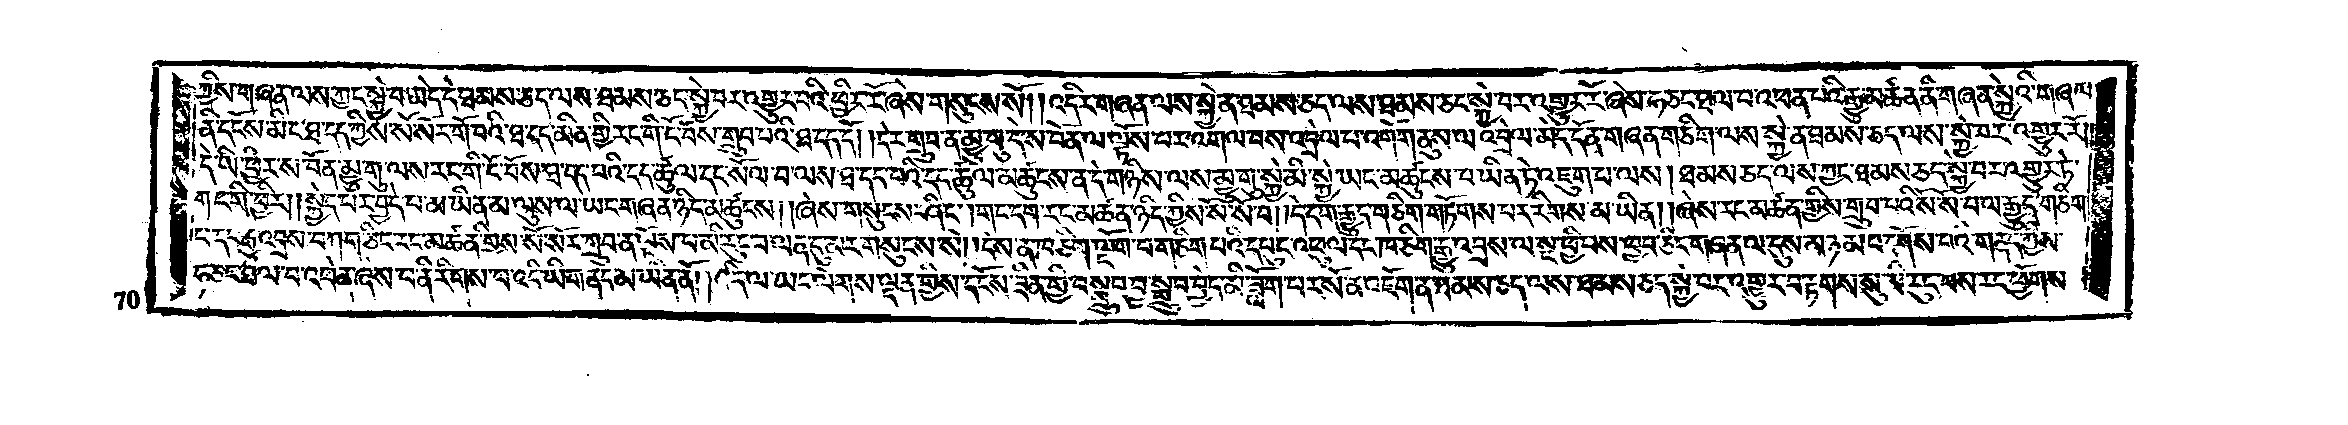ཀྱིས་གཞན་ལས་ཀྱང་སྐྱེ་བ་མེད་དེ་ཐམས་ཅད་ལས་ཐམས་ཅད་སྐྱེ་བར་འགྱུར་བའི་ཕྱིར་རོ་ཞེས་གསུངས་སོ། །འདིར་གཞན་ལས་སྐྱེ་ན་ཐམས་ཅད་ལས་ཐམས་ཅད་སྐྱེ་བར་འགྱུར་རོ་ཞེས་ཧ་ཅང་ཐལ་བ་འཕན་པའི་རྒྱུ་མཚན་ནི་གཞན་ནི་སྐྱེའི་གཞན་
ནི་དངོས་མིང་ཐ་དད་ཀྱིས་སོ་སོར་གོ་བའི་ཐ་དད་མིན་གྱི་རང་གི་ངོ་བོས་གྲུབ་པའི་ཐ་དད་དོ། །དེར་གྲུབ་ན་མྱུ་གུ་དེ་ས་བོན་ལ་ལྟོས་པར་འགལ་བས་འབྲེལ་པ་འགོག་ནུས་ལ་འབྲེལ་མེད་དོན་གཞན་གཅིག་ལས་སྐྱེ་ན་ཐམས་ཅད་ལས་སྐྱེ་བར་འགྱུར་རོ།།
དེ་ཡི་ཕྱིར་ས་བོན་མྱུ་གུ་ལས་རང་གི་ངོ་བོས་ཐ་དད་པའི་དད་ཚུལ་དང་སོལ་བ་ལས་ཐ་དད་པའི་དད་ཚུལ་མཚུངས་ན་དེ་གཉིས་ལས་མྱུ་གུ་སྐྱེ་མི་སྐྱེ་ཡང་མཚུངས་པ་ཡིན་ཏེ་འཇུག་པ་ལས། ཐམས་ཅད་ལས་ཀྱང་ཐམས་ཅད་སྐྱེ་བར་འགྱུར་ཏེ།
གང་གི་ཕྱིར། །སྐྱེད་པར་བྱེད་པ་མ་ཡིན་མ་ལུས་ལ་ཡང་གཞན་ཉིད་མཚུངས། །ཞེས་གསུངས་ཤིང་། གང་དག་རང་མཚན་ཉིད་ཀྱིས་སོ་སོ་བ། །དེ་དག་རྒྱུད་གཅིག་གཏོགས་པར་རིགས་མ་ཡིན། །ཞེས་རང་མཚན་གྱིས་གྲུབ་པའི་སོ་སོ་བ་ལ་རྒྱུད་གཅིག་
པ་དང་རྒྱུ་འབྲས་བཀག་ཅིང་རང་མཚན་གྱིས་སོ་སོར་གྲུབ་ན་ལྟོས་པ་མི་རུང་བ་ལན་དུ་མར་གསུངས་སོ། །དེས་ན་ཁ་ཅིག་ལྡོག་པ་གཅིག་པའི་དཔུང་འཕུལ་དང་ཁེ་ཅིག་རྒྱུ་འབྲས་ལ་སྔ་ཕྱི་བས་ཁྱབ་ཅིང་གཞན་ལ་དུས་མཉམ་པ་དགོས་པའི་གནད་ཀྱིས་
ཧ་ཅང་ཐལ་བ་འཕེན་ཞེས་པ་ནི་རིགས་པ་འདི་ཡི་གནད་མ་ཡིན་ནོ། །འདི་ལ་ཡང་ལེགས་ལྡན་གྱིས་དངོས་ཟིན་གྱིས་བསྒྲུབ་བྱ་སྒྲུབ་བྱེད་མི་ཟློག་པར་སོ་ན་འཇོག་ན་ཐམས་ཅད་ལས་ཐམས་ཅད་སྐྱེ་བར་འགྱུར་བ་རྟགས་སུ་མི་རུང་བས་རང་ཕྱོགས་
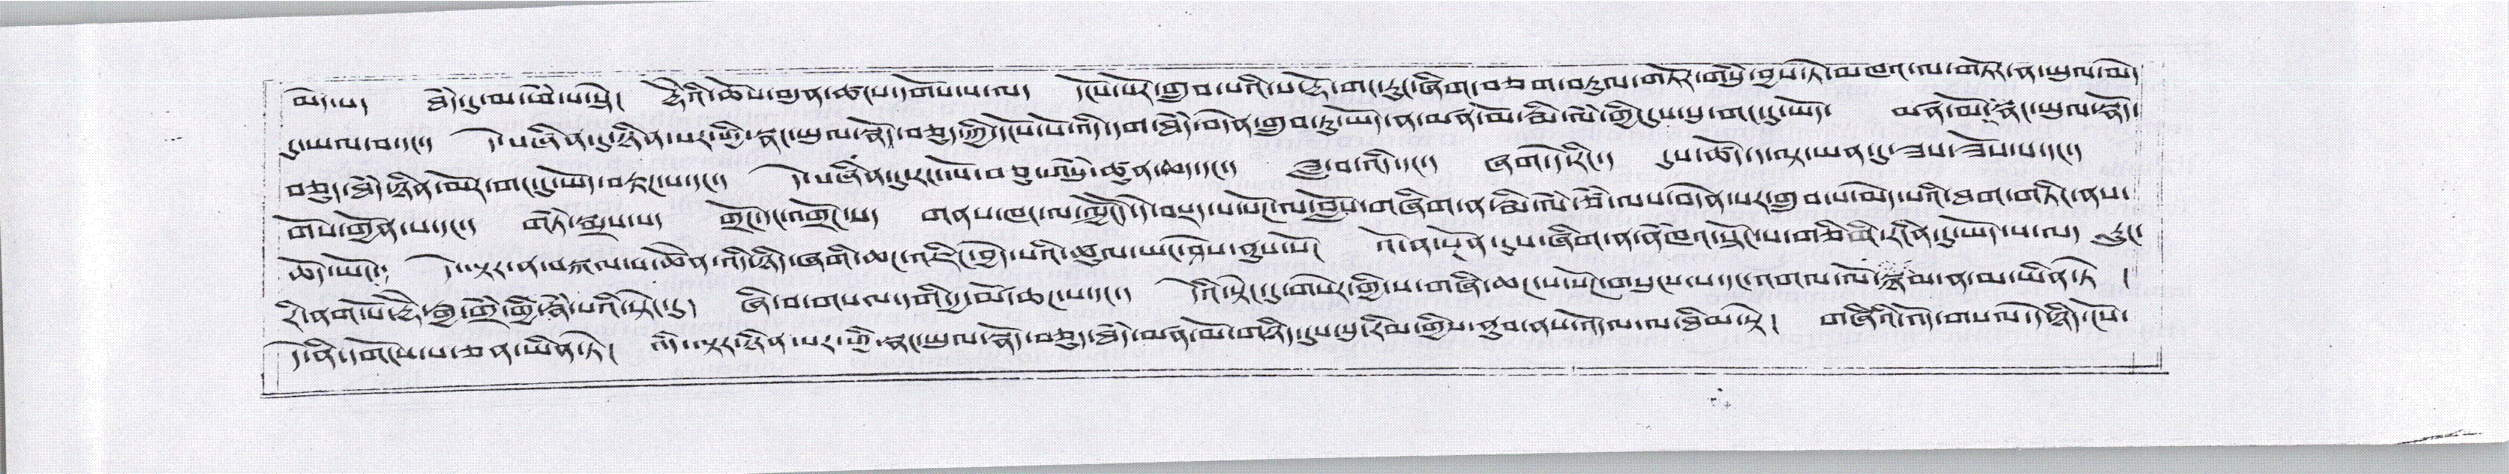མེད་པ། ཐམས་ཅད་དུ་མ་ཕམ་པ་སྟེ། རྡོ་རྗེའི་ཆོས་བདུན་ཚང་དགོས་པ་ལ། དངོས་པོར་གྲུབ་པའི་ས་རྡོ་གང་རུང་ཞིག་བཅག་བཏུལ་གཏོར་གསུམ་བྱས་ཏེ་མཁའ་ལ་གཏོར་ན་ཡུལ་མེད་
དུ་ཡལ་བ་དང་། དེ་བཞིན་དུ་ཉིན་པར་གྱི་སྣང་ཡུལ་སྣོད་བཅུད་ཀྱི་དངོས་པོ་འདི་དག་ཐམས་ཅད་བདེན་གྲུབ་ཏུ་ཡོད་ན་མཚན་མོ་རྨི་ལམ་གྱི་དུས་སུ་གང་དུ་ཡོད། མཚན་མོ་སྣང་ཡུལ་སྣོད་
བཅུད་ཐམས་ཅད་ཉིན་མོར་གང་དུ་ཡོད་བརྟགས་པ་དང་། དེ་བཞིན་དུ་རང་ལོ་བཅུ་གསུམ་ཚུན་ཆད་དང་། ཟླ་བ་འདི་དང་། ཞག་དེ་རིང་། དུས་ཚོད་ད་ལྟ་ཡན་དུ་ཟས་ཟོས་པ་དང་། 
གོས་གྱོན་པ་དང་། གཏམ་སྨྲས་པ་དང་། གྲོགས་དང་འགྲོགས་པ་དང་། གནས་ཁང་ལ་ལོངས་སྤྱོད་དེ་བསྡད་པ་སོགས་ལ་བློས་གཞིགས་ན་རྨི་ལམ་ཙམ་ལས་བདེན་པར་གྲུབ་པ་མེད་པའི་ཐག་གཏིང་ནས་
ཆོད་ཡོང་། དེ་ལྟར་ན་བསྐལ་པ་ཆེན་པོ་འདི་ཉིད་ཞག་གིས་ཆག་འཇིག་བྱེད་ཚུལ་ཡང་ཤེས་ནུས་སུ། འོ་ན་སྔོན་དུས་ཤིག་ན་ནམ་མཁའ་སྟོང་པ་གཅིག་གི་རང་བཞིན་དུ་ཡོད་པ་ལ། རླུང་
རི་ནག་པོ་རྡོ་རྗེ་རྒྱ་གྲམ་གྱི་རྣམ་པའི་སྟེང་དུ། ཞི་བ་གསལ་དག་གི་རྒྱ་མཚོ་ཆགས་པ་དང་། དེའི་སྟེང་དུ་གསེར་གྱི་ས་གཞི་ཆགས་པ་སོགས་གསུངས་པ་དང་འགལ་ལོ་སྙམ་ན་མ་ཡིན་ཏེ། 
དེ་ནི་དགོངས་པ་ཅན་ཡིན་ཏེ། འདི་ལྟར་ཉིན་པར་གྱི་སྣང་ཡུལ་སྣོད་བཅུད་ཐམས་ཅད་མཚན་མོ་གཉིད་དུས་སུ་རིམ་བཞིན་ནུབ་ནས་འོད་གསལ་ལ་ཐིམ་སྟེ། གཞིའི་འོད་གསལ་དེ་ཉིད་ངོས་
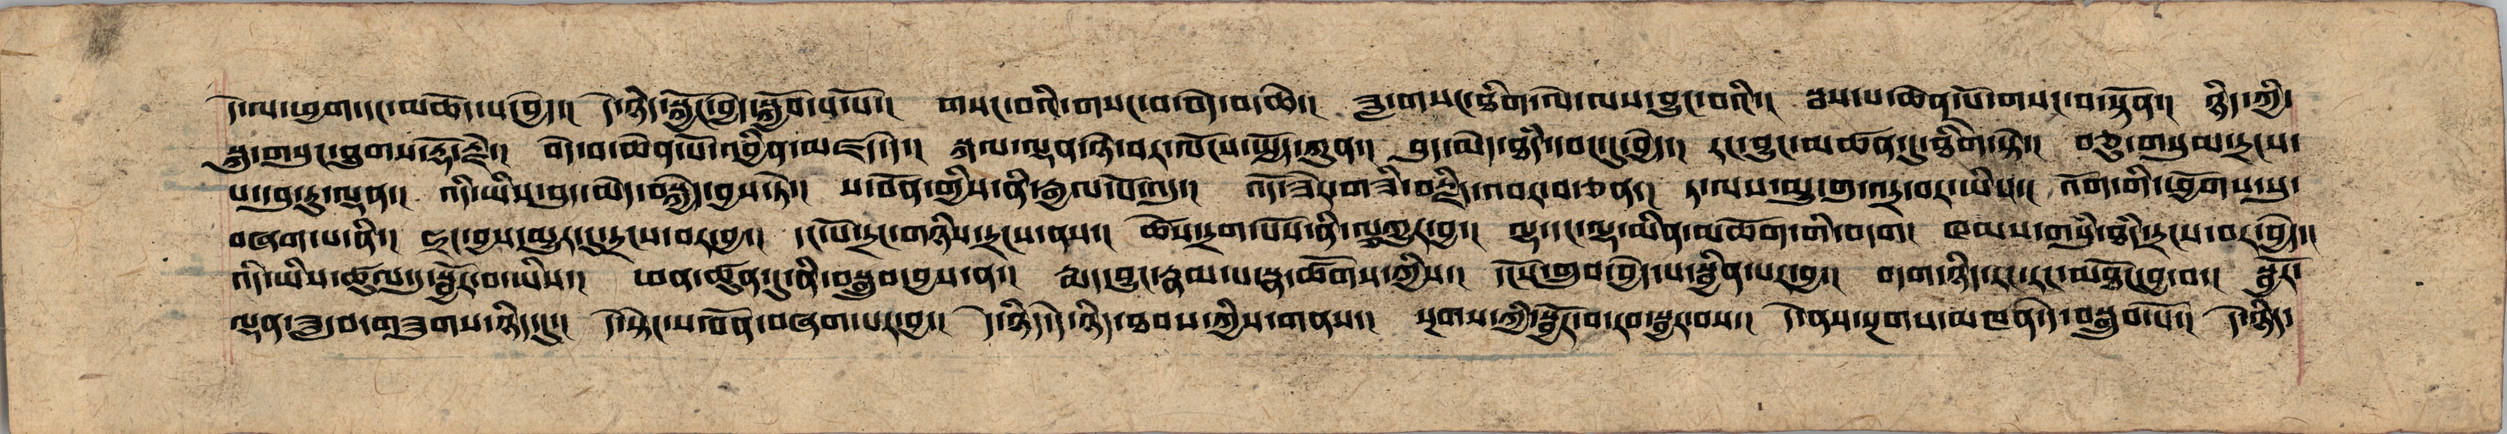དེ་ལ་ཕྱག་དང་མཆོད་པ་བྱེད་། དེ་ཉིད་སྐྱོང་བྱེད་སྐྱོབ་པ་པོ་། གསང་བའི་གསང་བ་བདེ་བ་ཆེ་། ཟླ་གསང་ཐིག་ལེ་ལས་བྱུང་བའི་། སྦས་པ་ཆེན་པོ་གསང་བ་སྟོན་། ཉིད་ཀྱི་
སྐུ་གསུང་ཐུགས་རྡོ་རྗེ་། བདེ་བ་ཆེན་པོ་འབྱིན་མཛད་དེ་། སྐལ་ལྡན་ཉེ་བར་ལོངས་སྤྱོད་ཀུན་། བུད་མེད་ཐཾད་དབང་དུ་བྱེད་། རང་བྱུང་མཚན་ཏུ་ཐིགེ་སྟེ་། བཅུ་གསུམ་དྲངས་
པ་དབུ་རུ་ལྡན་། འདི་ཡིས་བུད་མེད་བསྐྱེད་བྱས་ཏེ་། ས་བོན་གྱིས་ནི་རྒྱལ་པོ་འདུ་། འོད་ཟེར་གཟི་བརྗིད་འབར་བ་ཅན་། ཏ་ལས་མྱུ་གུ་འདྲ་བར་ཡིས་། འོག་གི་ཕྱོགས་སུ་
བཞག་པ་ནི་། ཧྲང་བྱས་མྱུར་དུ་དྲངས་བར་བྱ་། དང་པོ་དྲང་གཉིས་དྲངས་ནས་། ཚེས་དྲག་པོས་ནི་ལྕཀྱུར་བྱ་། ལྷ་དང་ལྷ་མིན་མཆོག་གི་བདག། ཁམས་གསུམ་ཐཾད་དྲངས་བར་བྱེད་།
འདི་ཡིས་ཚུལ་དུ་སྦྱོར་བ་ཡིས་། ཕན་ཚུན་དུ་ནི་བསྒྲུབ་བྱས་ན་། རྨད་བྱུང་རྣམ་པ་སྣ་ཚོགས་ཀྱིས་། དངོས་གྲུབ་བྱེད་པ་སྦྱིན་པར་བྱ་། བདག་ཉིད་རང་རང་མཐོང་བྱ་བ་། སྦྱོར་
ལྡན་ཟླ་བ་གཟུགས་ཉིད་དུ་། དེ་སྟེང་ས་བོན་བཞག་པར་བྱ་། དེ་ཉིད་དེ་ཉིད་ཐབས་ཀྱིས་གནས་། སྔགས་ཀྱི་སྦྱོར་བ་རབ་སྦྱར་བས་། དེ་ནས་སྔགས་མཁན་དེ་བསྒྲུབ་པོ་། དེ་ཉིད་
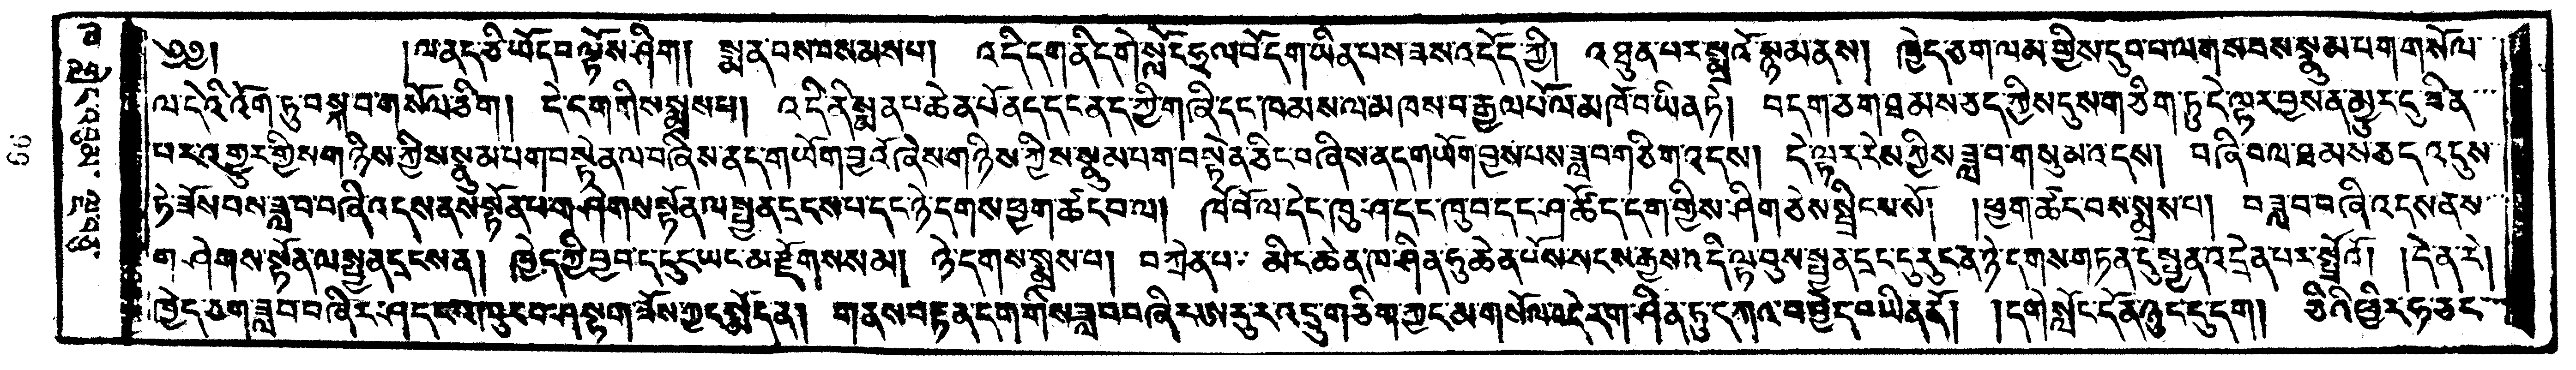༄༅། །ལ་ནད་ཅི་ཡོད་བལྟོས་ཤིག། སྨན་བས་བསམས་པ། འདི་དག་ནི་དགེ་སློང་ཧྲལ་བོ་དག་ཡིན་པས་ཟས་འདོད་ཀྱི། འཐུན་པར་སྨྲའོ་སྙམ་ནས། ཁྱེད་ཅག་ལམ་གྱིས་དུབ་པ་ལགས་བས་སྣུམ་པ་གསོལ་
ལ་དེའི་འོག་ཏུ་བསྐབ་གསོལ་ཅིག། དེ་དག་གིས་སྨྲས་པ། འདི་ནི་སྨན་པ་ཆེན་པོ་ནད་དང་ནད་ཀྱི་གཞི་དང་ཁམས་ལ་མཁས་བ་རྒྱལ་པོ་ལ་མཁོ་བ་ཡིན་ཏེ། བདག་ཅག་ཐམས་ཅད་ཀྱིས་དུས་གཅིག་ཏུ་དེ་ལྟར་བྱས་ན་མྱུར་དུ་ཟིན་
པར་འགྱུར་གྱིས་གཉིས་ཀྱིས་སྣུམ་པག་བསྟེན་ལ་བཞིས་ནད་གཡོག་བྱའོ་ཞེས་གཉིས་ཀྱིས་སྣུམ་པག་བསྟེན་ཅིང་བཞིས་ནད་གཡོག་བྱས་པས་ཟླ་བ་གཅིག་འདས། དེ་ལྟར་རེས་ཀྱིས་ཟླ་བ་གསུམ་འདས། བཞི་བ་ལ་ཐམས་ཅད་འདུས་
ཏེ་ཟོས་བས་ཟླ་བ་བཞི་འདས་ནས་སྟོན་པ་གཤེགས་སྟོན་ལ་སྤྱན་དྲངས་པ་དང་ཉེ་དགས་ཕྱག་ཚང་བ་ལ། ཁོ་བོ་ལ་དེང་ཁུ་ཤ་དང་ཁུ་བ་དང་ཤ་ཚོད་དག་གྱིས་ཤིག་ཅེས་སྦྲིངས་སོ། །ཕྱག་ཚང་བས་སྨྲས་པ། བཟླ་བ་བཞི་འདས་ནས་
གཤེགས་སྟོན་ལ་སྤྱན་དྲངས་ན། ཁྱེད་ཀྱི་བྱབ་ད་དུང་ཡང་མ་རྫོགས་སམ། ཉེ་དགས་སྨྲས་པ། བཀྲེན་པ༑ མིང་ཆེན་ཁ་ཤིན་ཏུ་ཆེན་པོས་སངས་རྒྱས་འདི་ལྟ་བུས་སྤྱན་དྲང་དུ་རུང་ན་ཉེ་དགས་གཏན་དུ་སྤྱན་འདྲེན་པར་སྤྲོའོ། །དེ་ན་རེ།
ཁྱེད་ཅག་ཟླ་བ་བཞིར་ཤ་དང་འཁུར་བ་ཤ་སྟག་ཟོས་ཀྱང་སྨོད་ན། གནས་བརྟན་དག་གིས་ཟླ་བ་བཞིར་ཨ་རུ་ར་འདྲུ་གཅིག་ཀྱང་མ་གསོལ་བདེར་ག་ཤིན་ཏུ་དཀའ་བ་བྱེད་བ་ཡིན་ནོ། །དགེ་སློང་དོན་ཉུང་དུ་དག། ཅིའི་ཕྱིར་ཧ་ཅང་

• **EXERCISE DESCRIPTION**: Take the listing above and repeat exactly the lines from the one containing "ཟླ་བ་འདི་དང་། ཞག་དེ་རིང་། དུས་ཚོད་ད་ལྟ་ཡན་དུ་ཟས་ཟོས་པ་དང་།" through the one containing "གོས་གྱོན་པ་དང་། གཏམ་སྨྲས་པ་དང་། གྲོགས་དང་འགྲོགས་པ་དང་།", both included.

• **TASK RESULT**:
བཅུད་ཐམས་ཅད་ཉིན་མོར་གང་དུ་ཡོད་བརྟགས་པ་དང་། དེ་བཞིན་དུ་རང་ལོ་བཅུ་གསུམ་ཚུན་ཆད་དང་། ཟླ་བ་འདི་དང་། ཞག་དེ་རིང་། དུས་ཚོད་ད་ལྟ་ཡན་དུ་ཟས་ཟོས་པ་དང་། 
གོས་གྱོན་པ་དང་། གཏམ་སྨྲས་པ་དང་། གྲོགས་དང་འགྲོགས་པ་དང་། གནས་ཁང་ལ་ལོངས་སྤྱོད་དེ་བསྡད་པ་སོགས་ལ་བློས་གཞིགས་ན་རྨི་ལམ་ཙམ་ལས་བདེན་པར་གྲུབ་པ་མེད་པའི་ཐག་གཏིང་ནས་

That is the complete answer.